I got the train to work today. I went out of my house in a medium-sized Cotswold village, walked 200 yards and got on a bus to the station. At the station I bought a coffee from the politest man I have met all year – essentially Jean-Luc Picard without the underlying grumpiness – then two minutes later the train arrived. I got a seat and spent ten minutes sitting next to a pleasant man from Wales (one of those exquisite accents which sounds like waves crashing on the shore) while we both read our respective newsprint. I got off at Oxford and crossed the road to my office. In this I accept I am lucky, although the downside is that I open my window at my peril since every bus in Oxford seems to pass underneath. I am unhurried, not at all stressed and generally happy with the world.

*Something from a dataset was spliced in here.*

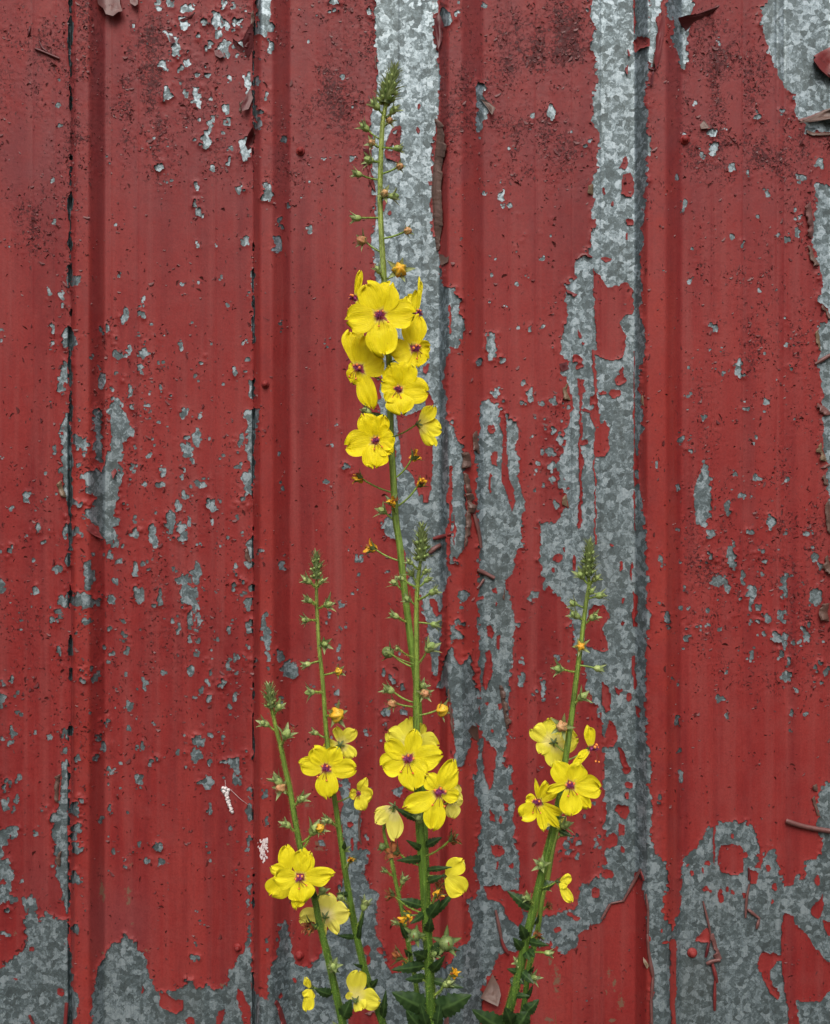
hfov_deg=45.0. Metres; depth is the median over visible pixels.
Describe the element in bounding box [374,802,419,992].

Now there are many aspects of this journey to ‘unpack’, to paraphrase a previous colleague of mine. Firstly, I accept that this journey is not the norm for commuters. I am bl**dy lucky to have such connections available. Second I also accept that having the bus in my village is a positive boon and all thanks to the Council Tax payers of Oxfordshire who are annually asked to subsidise a series of buses to link up rural communities. Without these buses many villages would wither, although it must be said that the service is not brilliantly used. Thirdly, it is an expensive option. Putting aside the usual wear and tear argument for my car, it costs me around £4 to drive to Oxford, park and cycle. The journey today – excluding coffee – cost me £9, although it would be reduced if I was a regular commuter.
So there are serious limitations with the whole ‘public transport good-private cars bad’ argument. However, what my experience demonstrates to me is the principle that a well-managed (!) public transport system could do a huge amount to reduce traffic, reduce pollution, cut stress and generally improve our social and climatic environment.
Those who argue for cars over everything else have a point. Cars are brilliant, liberating and an unequivocal boon for the economy and social mobility, allowing people to live in decent housing and still work long distances away. The green movement must address this fundamental freedom to ‘move’ in its prescriptions for our future [Green Party policy on this used to be hilarious, effectively introducing Soviet-style internal passports]. Do we have a class of people who can afford to pay increased taxes and costs for motor vehicles, leaving everyone else to rediscover the joys of shovelling horseshit? The current impetus to develop greener cars and cars which use different fuels is very welcome and demonstrates to me that the whole environmental thing doesn’t have to be about sackcloth and ashes but innovation, new industries and economic development, which is where our future King got it so utterly wrong yesterday. Development is not bad: it has freed billions from poverty and given people unimaginable opportunities.
Whatever the future holds, there must be investment in a better transport system, which is seen not as the enemy of cars or their successors but as a complement to them. My journey today may not have been typical of that endured by many commuters but it does not always have to be that way.
I shall stop now as I might burst into inspirational, sub-Gospel song about the benefits of public transport…but the final thought must be for the man who sold me the coffee at Charlbury Station, who is a credit to his trade and puts every wannabe actor working in Starbucks to shame for his service, pleasant demeanour and – crucially – for the fact that his coffee actually tasted nice.